“Is this all of them?”
She heard the temper scoring his tone. She wanted him mad, angry, hating her. It would be easier for them both that way. “What difference does it make?”
“I need to ensure that everyone is paid what they are owed so this doesn’t happen again.”
He might as well have hit her with a battering ram. Just when she thought it was impossible to love him any more than she already did, he did something like this that made her love him all the more. She blinked back the tears stinging her eyes and threatening to make their presence known. But she could not resist the temptation to lay her hand over his in order to soften the blow of her words. “This is not your debt to pay.”
“Now is not the time to quibble.”
But it was. She would hold firm on this. She would not allow him to save her when she was not worthy of being saved. Sitting back, she merely studied him. She knew every line, every curve, every sharp edge of his face. She would miss seeing them in the future.
“Rose—”
“No.” She wouldn’t succumb to his pleas.
The dark eyes that had so often warmed with passion when he gazed on her now turned brittle and hard. The jaw she had so often kissed jutted out with his anger. His nostrils flared. “We had a bargain, you and I,” he ground out. “You would do all that I wanted for as long as I wanted. I want you to give me every name until I have them all.”
“You can’t fix this.”
“I can. Once they are paid, they will drop the charges.”
She laughed. “I’m a criminal, Avendale. Accept it. Let it go. But I do have a favor to ask.”
“No. You won’t give me what I want. Why the bloody hell should I do something else for you?”
Because he cared for her. He wouldn’t be here if he didn’t. She didn’t know if what he felt was as deep as love, but it was something. In spite of his anger, his harsh refusal, somehow she knew he would do this for her. “Take my trunk to Merrick. There’s a secret compartment. He knows how to access it. He’ll find the five thousand there. He and the others are to use it to begin their lives anew.”
“And what of your life?”
“I always knew that eventually it would end here. The guilt over what I’d done weighed so heavily—as heavily as the boulders that poor Harry had to carry. I’m relieved, really, that it’s over. I do regret that I was not able to hold to my end of the bargain I made with you. I came to care for you.”

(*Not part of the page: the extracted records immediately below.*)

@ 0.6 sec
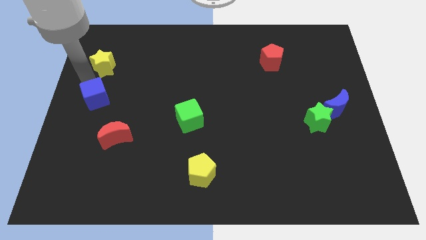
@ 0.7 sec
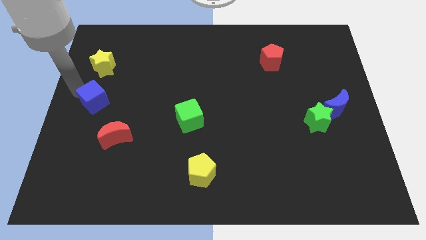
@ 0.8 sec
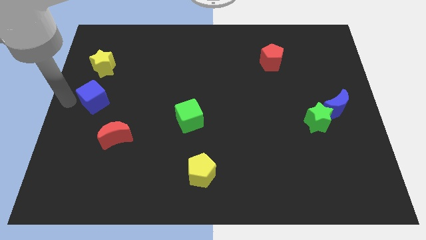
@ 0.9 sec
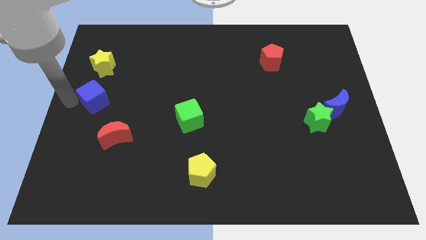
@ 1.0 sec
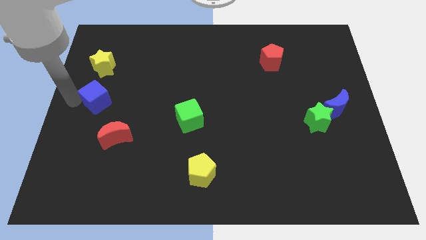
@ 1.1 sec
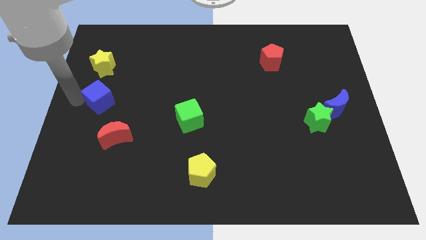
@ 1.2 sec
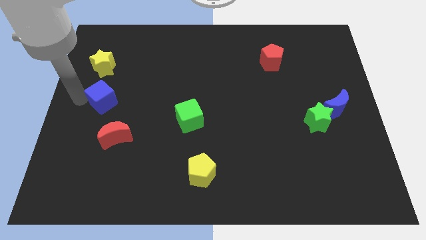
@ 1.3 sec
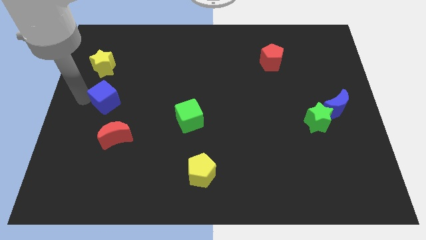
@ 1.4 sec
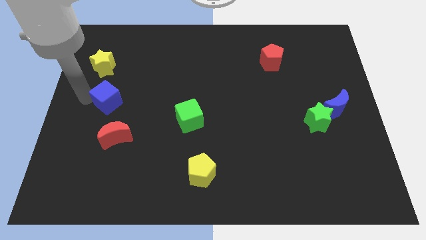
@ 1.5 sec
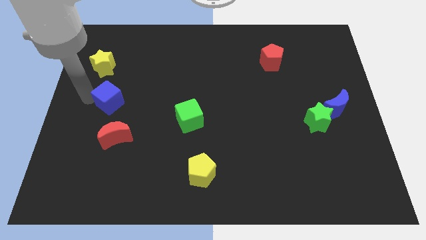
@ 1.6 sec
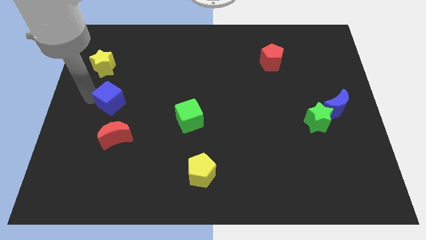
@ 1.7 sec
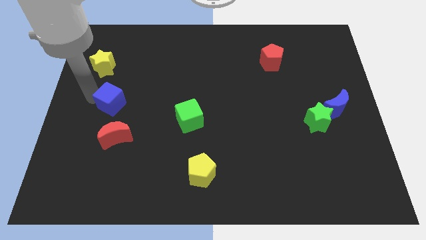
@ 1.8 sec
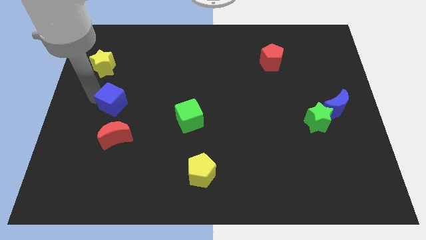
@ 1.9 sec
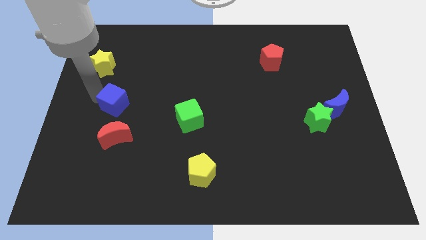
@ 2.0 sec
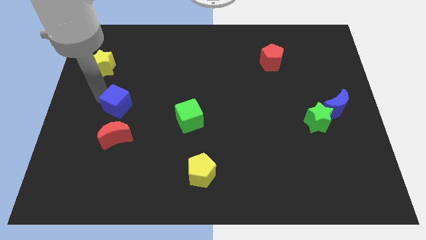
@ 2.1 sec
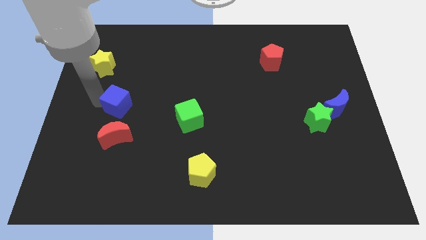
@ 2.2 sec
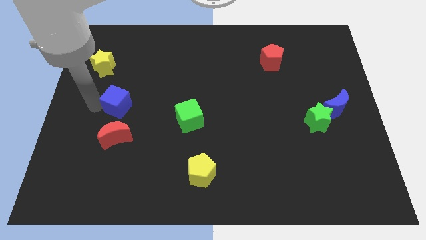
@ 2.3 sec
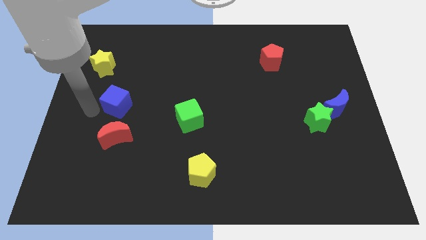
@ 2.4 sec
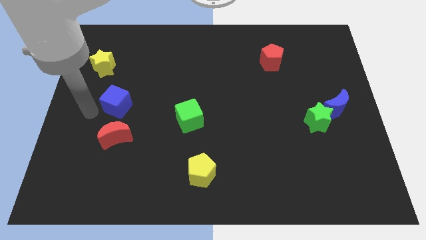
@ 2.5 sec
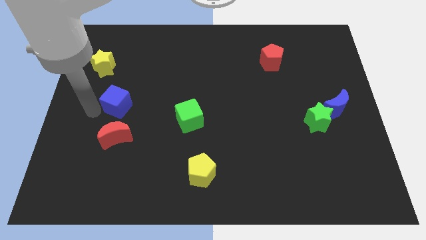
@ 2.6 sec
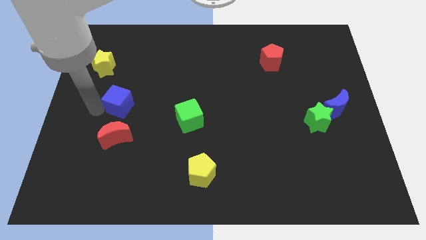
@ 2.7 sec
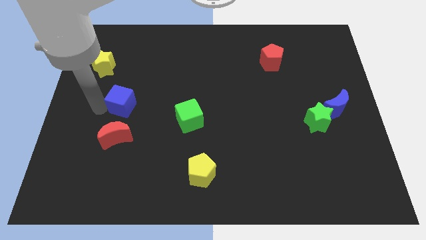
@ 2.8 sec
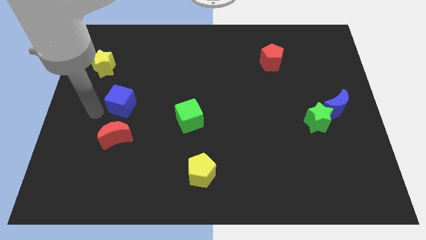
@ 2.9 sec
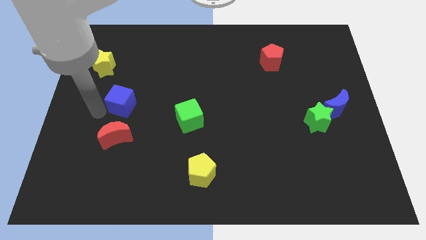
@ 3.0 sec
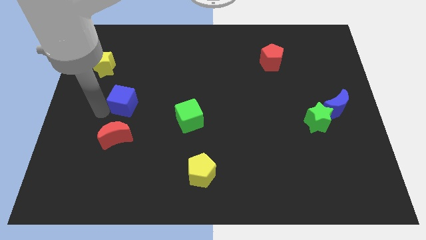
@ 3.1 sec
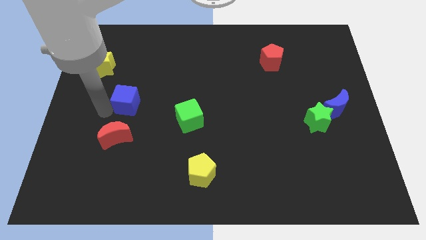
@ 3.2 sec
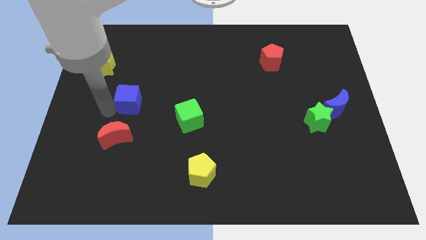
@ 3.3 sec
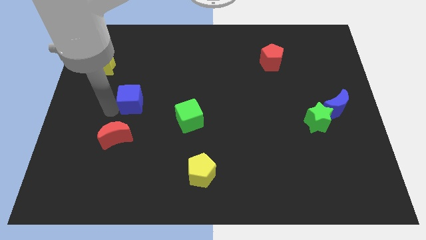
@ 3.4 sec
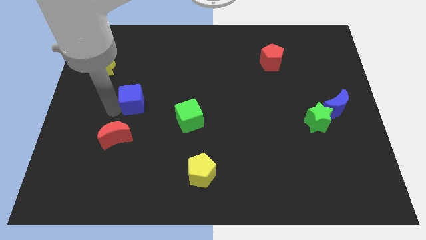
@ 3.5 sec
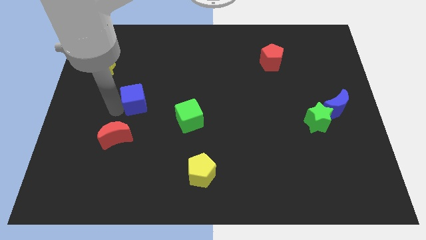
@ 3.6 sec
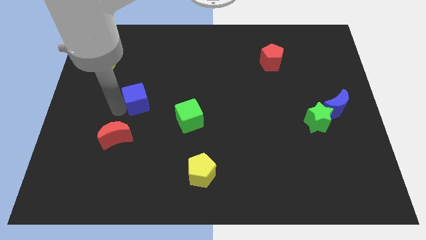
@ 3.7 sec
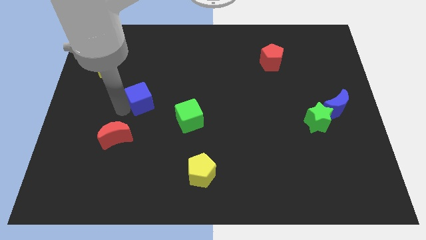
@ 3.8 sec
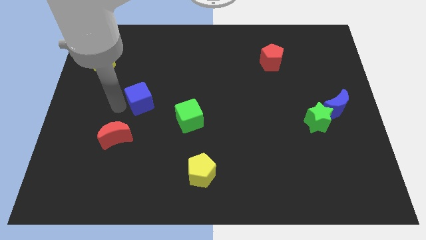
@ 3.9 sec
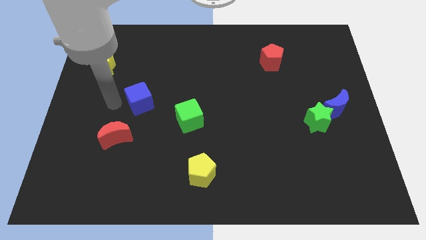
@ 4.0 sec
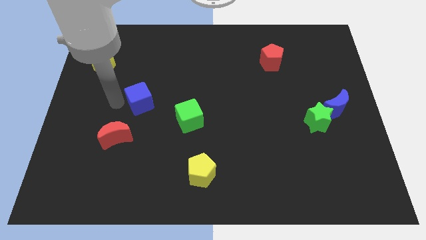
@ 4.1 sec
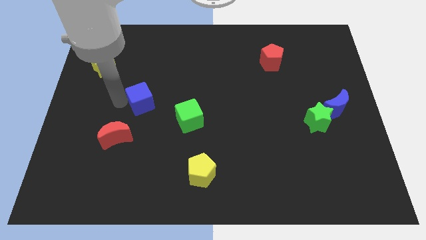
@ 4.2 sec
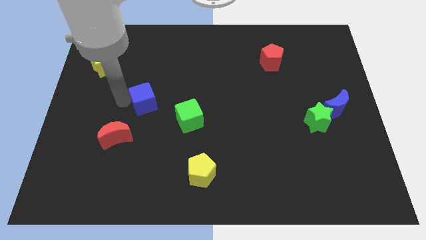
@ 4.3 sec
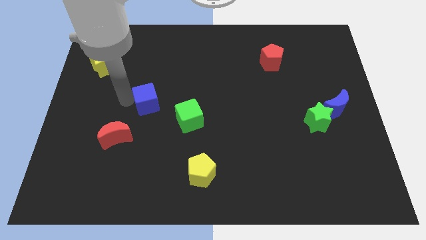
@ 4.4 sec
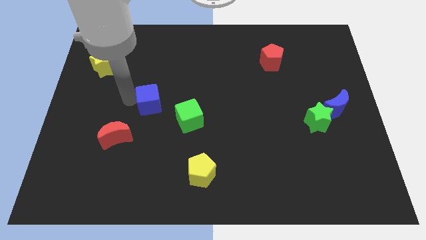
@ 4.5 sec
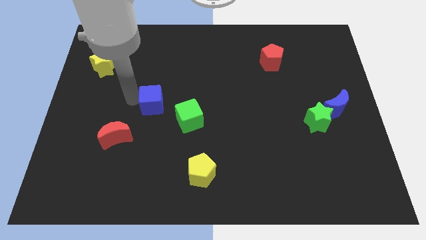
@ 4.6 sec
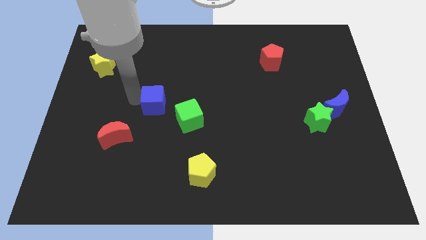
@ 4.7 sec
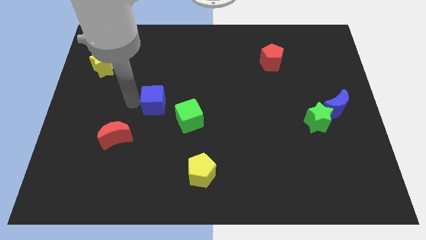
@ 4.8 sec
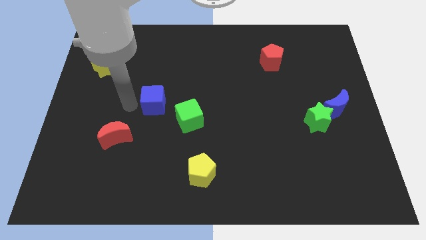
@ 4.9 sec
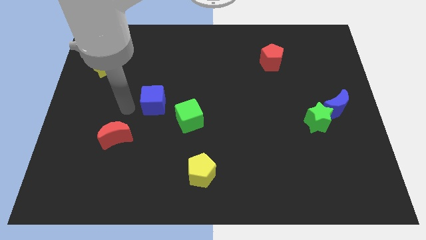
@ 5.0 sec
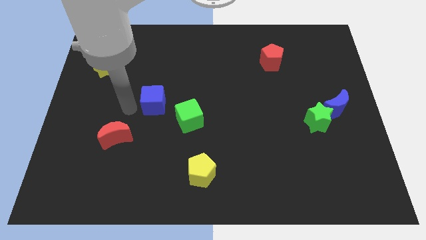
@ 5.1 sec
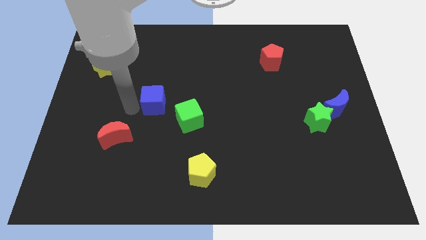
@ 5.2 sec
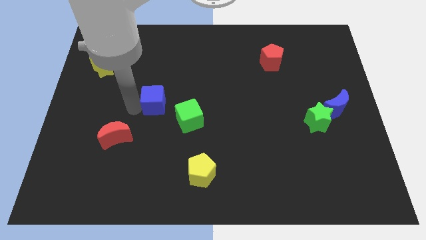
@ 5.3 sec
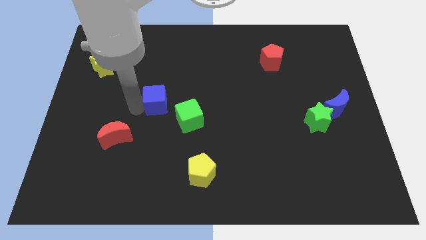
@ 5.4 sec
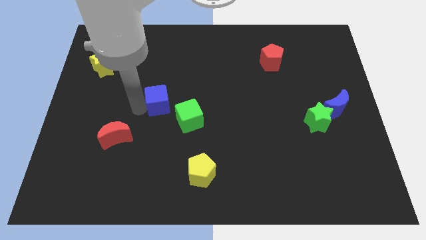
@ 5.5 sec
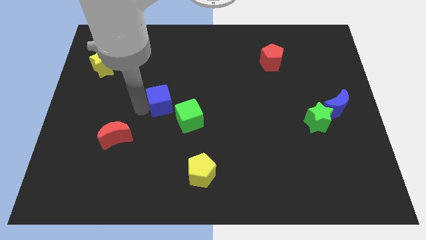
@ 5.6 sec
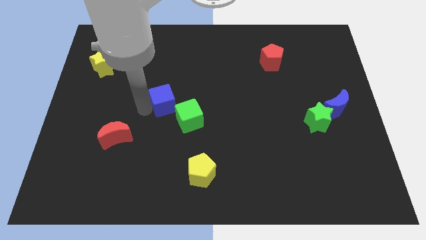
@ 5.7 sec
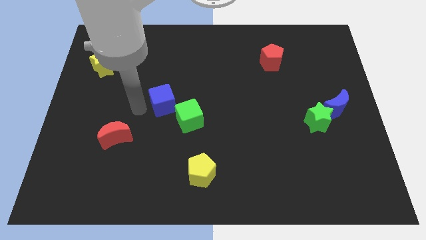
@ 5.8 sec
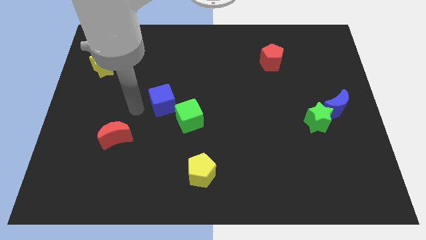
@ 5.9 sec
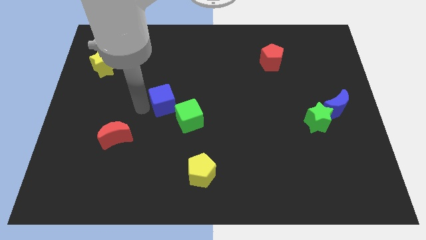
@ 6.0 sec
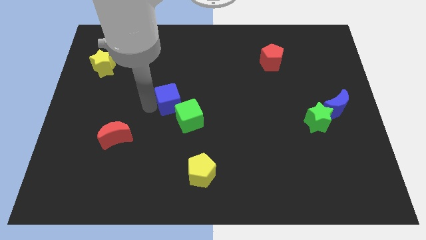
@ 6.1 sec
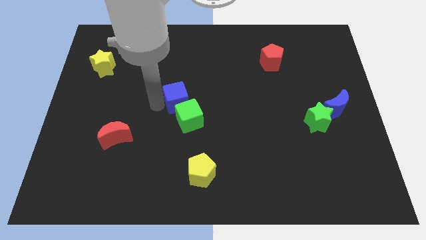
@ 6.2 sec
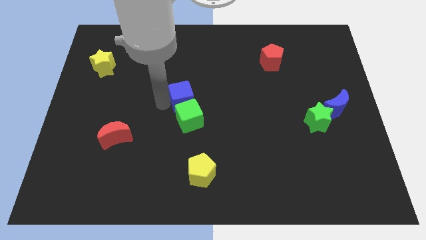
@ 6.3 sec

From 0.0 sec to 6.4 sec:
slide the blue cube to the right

“Then tell me what I need to know.”
“And then what? We carry on as though nothing happened? Do you not think this will make the newspapers? Tinsdale will see to it, otherwise those who hired him to find me will not pay him. So your mother will know the sort of woman who has been cavorting with her son. And your friends? Do you think they will be pleased to know that a woman who had no compunction whatsoever about taking things and not paying for them sat among them, laughed with them, and took their money? They will be appalled, as well they should be.”
“I don’t give a bloody damn! I love you.”
She felt as though the noose were already about her neck and the trap door sprung. He closed his mouth tightly, squeezed his eyes shut.
“You can’t,” she whispered.
He opened his eyes, resignation swimming within the dark depths. “I do. I have for some time now.”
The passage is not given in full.